Dense embeddings: Replace TF-IDF with learned embeddings from PhotonicMind’s TextGenCore for richer similarity computation
Adaptive interference band: Learn the optimal interference threshold from outcome data rather than fixing at 0.15
Hierarchical pre-compilation: Pre-compile at multiple granularities (domain → category → subcategory) for faster coarse-to-fine retrieval
Cross-system transfer: Export pre-compiled prompts as portable knowledge that bootstraps new MASCOM instances
Effectiveness-weighted routing: Incorporate empirical hit rates and outcome scores into the routing function as a fourth signal
Negative interference: Detect when blending produces contradictory fragments and suppress destructive interference

9. Conclusion

Anticipatory Prompt Compilation transforms the Lacuna Engine from a runtime interpreter into a pre-computed expertise database with instant retrieval. By enumerating the situation space ahead of time and pre-generating optimal prompts for each region, APC achieves sub-25ms prompt retrieval across 322 candidates compared to 50-100ms for live compilation. The fuzzy quantum router’s multi-signal scoring provides robust matching even for situations not explicitly enumerated, and constructive fragment interference produces novel prompt combinations that no single pre-compilation contains.

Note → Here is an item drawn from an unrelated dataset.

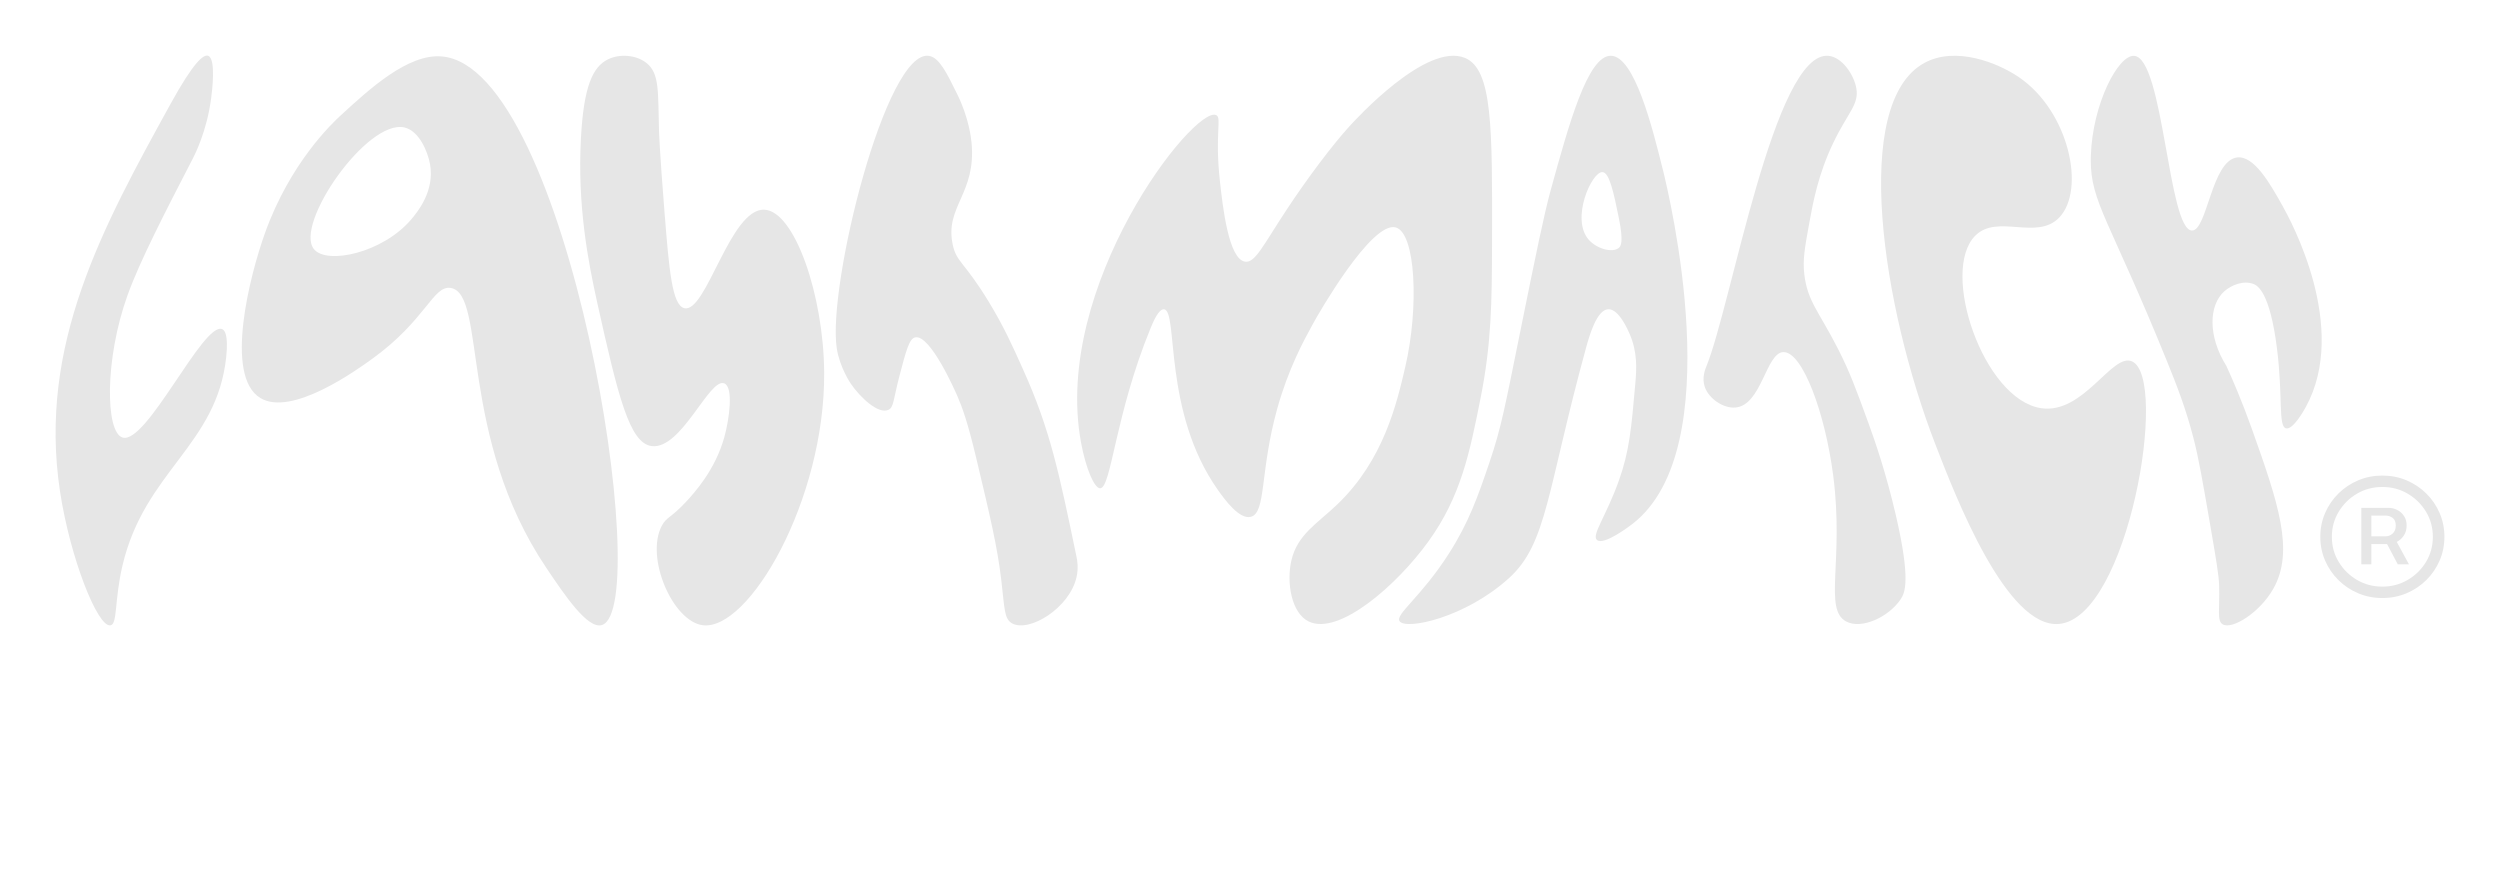 <?xml version="1.0" encoding="UTF-8"?> <svg xmlns="http://www.w3.org/2000/svg" viewBox="0 0 1300 457.03" fill="none"><g filter="url(#filter0_f_40_1278)"><path fill-rule="evenodd" clip-rule="evenodd" d="M177.27 59.906C192.287 46.123 212.103 27.936 229.639 29.329L229.653 29.344C295.488 34.558 340.477 316.171 313.024 325.011C305.661 327.376 293.712 309.608 284.025 295.197C238.217 227.094 253.14 153.028 234.481 149.747C225.22 148.115 221.665 166.361 193.394 186.704C185.241 192.577 151.625 216.771 135.394 206.974C116.461 195.544 129.868 143.29 137.809 121.133C150.897 84.625 172.821 63.996 177.27 59.906ZM210.325 66.286C190.89 61.822 152.992 116.563 163.195 129.477C169.815 137.866 199.135 131.545 213.938 113.973C216.823 110.542 226.192 99.425 223.61 85.358C222.411 78.766 217.916 68.039 210.325 66.286Z" fill="black" fill-opacity="0.1"></path><path d="M316.244 30.812C322.317 27.891 330.743 28.52 336.056 32.669L336.089 32.685C343.026 38.108 342.115 47.576 342.692 68.07C342.692 68.07 342.964 78.078 345.515 109.973C347.914 139.963 349.419 158.793 355.901 160.263C367.304 162.84 379.648 108.323 397.429 109.042C413.189 109.672 428.312 153.537 428.57 193.791C429.011 260.022 389.321 328.38 365.331 325.099C349.782 322.971 335.496 289.969 344.09 273.491C346.565 268.742 348.767 269.535 356.844 260.831C361.111 256.215 371.965 244.276 376.657 227.303C379.208 218.044 381.545 201.417 376.657 199.365C368.928 196.115 354.413 233.911 338.896 231.964C327.341 230.524 321.419 206.179 310.578 157.462C305.827 136.054 300.178 106.87 302.091 71.785C303.52 45.314 308.074 34.722 316.244 30.812Z" fill="black" fill-opacity="0.1"></path><path d="M88.81 53.808C100.79 32.085 105.832 28.205 108.201 28.999C112.512 30.439 110.189 48.115 109.779 51.231C107.517 68.413 101.156 80.711 100.38 82.211C85.835 110.361 72.655 135.875 66.293 153.582C54.42 186.599 54.754 224.606 63.666 227.498C76.132 231.559 105.756 167.021 115.534 171.155C116.567 171.59 118.904 173.434 117.629 185.626C112.8 231.648 75.221 244.861 63.666 294.18C59.4 312.35 61.222 324.637 57.38 325.19C50.684 326.147 36.382 289.817 31.189 255.408C19.696 179.274 53.539 117.822 88.81 53.808Z" fill="black" fill-opacity="0.1"></path><path d="M435.103 181.057C430.198 148.772 460.73 25.06 483.186 29.075C488.456 30.019 492.282 37.823 497.853 49.178C503.79 61.268 504.96 71.725 505.188 74.107C507.8 100.729 491.187 107.351 495.409 127.186C497.398 136.519 501.194 135.665 514.161 156.938C521.904 169.672 526.278 179.365 532.093 192.323C546.078 223.439 550.648 245.492 559.804 289.626C560.107 291.109 560.911 295.154 559.804 300.08C556.205 316.186 535.28 328.936 526.383 324.202C522.101 321.925 522.435 316.545 520.676 301.685C518.625 284.352 514.967 268.952 507.634 238.166C503.154 219.365 500.39 211.89 497.853 206.002C496.974 203.979 483.733 173.627 475.853 175.44C472.771 176.144 471.087 182.616 467.7 195.544C464.436 208.038 464.815 211.918 461.84 213.178C456.586 215.394 447.369 206.719 442.435 199.558C442.435 199.558 436.635 191.139 435.103 181.057Z" fill="black" fill-opacity="0.1"></path><path d="M1109.793 29.044C1125.051 30.23 1127.481 119.814 1139.856 119.874C1147.767 119.904 1150 83.426 1163.345 81.868C1172.211 80.835 1180.623 95.816 1186.832 106.886C1191.312 114.856 1221.557 170.405 1199.04 211.619C1198.206 213.131 1192.331 223.722 1188.702 222.734C1184.572 221.611 1187.213 206.39 1184.008 181.028C1180.305 151.654 1173.808 148.43 1171.803 147.665C1166.519 145.643 1160.248 148.323 1156.771 151.364C1148.556 158.54 1147.964 174.75 1157.712 190.285C1161.007 197.506 1165.867 208.712 1170.862 222.72C1184.662 261.445 1193.241 286.493 1182.126 306.134C1175.096 318.569 1160.763 327.511 1155.829 324.666C1152.686 322.852 1154.326 316.831 1153.947 304.277C1153.779 298.958 1152.307 290.403 1149.36 273.294C1145.321 249.88 1143.301 238.164 1140.508 227.439C1136.636 212.547 1132.371 201.507 1126.691 187.499C1096.995 114.312 1087.102 105.191 1087.204 83.092L1087.245 80.953C1088.11 54.032 1101.457 28.4 1109.793 29.044Z" fill="black" fill-opacity="0.1"></path><path d="M1000.668 32.729C1016.914 23.861 1038.884 32.625 1049.938 40.206C1075.992 58.048 1084.617 98.796 1070.784 113.133V113.149C1059.124 125.222 1038.701 111.095 1027.193 122.496C1008.638 140.877 1031.323 207.65 1061.312 212.247C1083.509 215.647 1098.298 183.214 1108.684 187.935C1127.905 196.684 1106.633 321.069 1070.784 324.44C1043.485 327.002 1017.021 258.538 1006.347 230.943C978.834 159.754 962.39 53.598 1000.668 32.729Z" fill="black" fill-opacity="0.1"></path><path fill-rule="evenodd" clip-rule="evenodd" d="M837.555 28.999C849.959 28.941 859.373 66.858 864.641 88.086H864.655C868.164 102.23 899.471 233.192 848.971 272.368C847.63 273.405 834.032 283.827 830.434 280.803C827.457 278.315 835.185 268.487 841.837 249.851C847.271 234.6 848.319 222.81 850.384 199.215C851.021 191.889 851.522 183.321 847.529 173.897C846.709 171.979 841.851 160.52 836.263 160.804C830.282 161.104 826.439 174.676 824.723 180.938C804.454 254.9 804.56 282.524 784.805 300.501C761.956 321.295 730.95 327.797 727.776 323.004C725.424 319.454 738.922 310.538 753.436 287.843C763.884 271.515 768.651 257.745 774.557 240.354C780.69 222.256 782.498 211.994 790.514 172.489C798.743 131.861 802.936 111.275 806.414 98.691C815.904 64.28 825.621 29.059 837.555 28.999ZM833.257 89.493C827.653 89.284 816.646 113.867 826.136 124.653C830.235 129.313 838.404 131.709 841.82 128.878H841.804C842.762 128.084 844.386 126.002 841.804 113.403C839.177 100.519 836.946 89.628 833.257 89.493Z" fill="black" fill-opacity="0.1"></path><path d="M950.774 29.028C957.836 29.673 963.984 38.722 965.275 45.793C966.838 54.362 960.932 58.332 953.28 74.332C945.385 90.841 942.773 105.267 940.753 116.353C938.477 128.863 937.351 135.111 938.247 142.721C939.904 156.728 945.857 161.971 955.785 181.447C961.949 193.551 965.185 202.42 971.652 220.173C974.902 229.07 980.761 245.985 985.848 267.947C993.667 301.73 990.571 308.275 988.354 311.601C982.205 320.814 967.992 327.482 959.96 323.137C948.149 316.755 958.974 291.543 953.28 247.349C949.06 214.63 937.245 182.855 927.392 183.095L927.408 183.079C918.267 183.304 916.095 210.838 902.356 211.918C896.07 212.413 888.583 207.274 886.488 201.207C884.833 196.427 886.793 191.799 887.324 190.494C900.32 158.749 922.655 26.481 950.774 29.028Z" fill="black" fill-opacity="0.1"></path><path d="M701.617 65.778C704.67 62.42 741.67 21.719 761.819 30.137C776.121 36.115 776.031 66.122 775.863 126.166C775.773 157.386 775.59 178.555 769.834 207.348C764.247 235.348 759.692 258.134 742.747 281.596C726.396 304.246 696.197 330.702 680.542 323.183C671.493 318.822 668.897 302.868 671.507 291.497C674.651 277.836 685.006 272.292 695.589 262.105C719.533 239.049 726.32 209.821 730.753 190.751C737.981 159.606 736.144 120.925 725.698 118.242C713.004 114.991 685.083 164.185 683.593 166.855C683.138 167.679 682.775 168.324 682.547 168.743C677.808 177.358 669.897 191.889 664.129 212.637C655.094 245.056 658.48 266.673 650.434 268.74C644.481 270.268 636.919 259.874 633.38 254.884C604.428 214.018 612.854 161.662 605.293 160.833C602.529 160.534 599.658 167.334 598.262 170.735C579.92 215.497 577.886 253.43 572.177 253.896C569.126 254.15 564.645 243.723 562.14 230.136C547.079 148.715 620.927 54.727 632.379 59.845V59.83C635.522 61.238 631.559 68.999 634.382 94.482C635.84 107.575 638.863 134.751 647.426 136.069C652.71 136.893 656.885 127.41 669.504 108.354C680.359 91.95 692.931 75.336 701.617 65.778Z" fill="black" fill-opacity="0.1"></path><path fill-rule="evenodd" clip-rule="evenodd" d="M1242.174 264.092C1243.679 264.092 1245.131 264.45 1246.529 265.165C1247.953 265.855 1249.124 266.89 1250.038 268.269C1250.979 269.622 1251.451 271.295 1251.451 273.285C1251.451 275.274 1250.966 277 1249.998 278.459C1249.059 279.892 1247.846 280.992 1246.367 281.762C1246.351 281.771 1246.331 281.778 1246.313 281.787L1252.661 293.463H1246.853L1241.274 282.916H1233.098V293.463H1227.895V264.092H1242.174ZM1233.098 278.897H1240.479C1241.85 278.897 1243.074 278.418 1244.148 277.464C1245.252 276.481 1245.803 275.088 1245.803 273.285C1245.803 271.428 1245.252 270.1 1244.148 269.306C1243.074 268.509 1241.89 268.11 1240.6 268.11H1233.098V278.897Z" fill="black" fill-opacity="0.1"></path><path fill-rule="evenodd" clip-rule="evenodd" d="M1238.826 247.298C1243.29 247.298 1247.471 248.118 1251.371 249.764C1255.27 251.408 1258.697 253.691 1261.656 256.609C1264.613 259.528 1266.926 262.91 1268.593 266.757C1270.26 270.605 1271.095 274.731 1271.095 279.135C1271.095 283.538 1270.26 287.666 1268.593 291.512C1266.926 295.36 1264.613 298.743 1261.656 301.661C1258.697 304.58 1255.27 306.862 1251.371 308.508C1247.471 310.152 1243.29 310.974 1238.826 310.974C1234.362 310.974 1230.18 310.152 1226.282 308.508C1222.383 306.862 1218.952 304.58 1215.995 301.661C1213.038 298.743 1210.725 295.358 1209.058 291.512C1207.392 287.664 1206.558 283.539 1206.558 279.135C1206.558 274.731 1207.392 270.605 1209.058 266.757C1210.725 262.91 1213.038 259.528 1215.995 256.609C1218.952 253.691 1222.383 251.408 1226.282 249.764C1230.18 248.118 1234.362 247.298 1238.826 247.298ZM1238.826 253.227C1233.987 253.227 1229.575 254.394 1225.595 256.73C1221.642 259.064 1218.483 262.195 1216.116 266.121C1213.751 270.021 1212.566 274.359 1212.566 279.135C1212.566 283.91 1213.751 288.262 1216.116 292.187C1218.483 296.088 1221.642 299.206 1225.595 301.542C1229.575 303.876 1233.987 305.045 1238.826 305.045C1243.666 305.045 1248.061 303.876 1252.014 301.542C1255.994 299.206 1259.168 296.088 1261.535 292.187C1263.901 288.262 1265.085 283.91 1265.085 279.135C1265.085 274.359 1263.901 270.021 1261.535 266.121C1259.168 262.195 1255.994 259.064 1252.014 256.73C1248.061 254.394 1243.666 253.227 1238.826 253.227Z" fill="black" fill-opacity="0.1"></path></g><defs><filter id="filter0_f_40_1278" x="0" y="0" width="1300" height="354.129" filterUnits="userSpaceOnUse" color-interpolation-filters="sRGB"><feFlood flood-opacity="0" result="BackgroundImageFix"></feFlood><feBlend mode="normal" in="SourceGraphic" in2="BackgroundImageFix" result="shape"></feBlend><feGaussianBlur stdDeviation="20" result="effect1_foregroundBlur_40_1278"></feGaussianBlur></filter></defs></svg>

The system is self-improving: outcome feedback updates fragment effectiveness, which improves future pre-compilations, which improves future outcomes. This fixed-point iteration drives convergence toward the oracle prompt P* for each situation.

APC demonstrates that prompt engineering need not be a runtime activity. Like software compilation, it can be performed ahead of time, with the runtime cost reduced to a simple lookup. The hay is already gold. The queen just picks.

References

Aamodt, A., & Plaza, E. (1994). Case-Based Reasoning: Foundational Issues, Methodological Variations, and System Approaches. AI Communications, 7(1), 39-59.
Khattab, O., et al. (2023). DSPy: Compiling Declarative Language Model Calls into Self-Improving Pipelines. arXiv:2310.03714.
Kolodner, J. (1993). Case-Based Reasoning. Morgan Kaufmann.
Lewis, P., et al. (2020). Retrieval-Augmented Generation for Knowledge-Intensive NLP Tasks. NeurIPS 2020.
Plaza, E., & McGinty, L. (2005). Distributed Case-Based Reasoning. The Knowledge Engineering Review, 20(3), 261-265.
Shazeer, N., et al. (2017). Outrageously Large Neural Networks: The Sparsely-Gated Mixture-of-Experts Layer. ICLR 2017.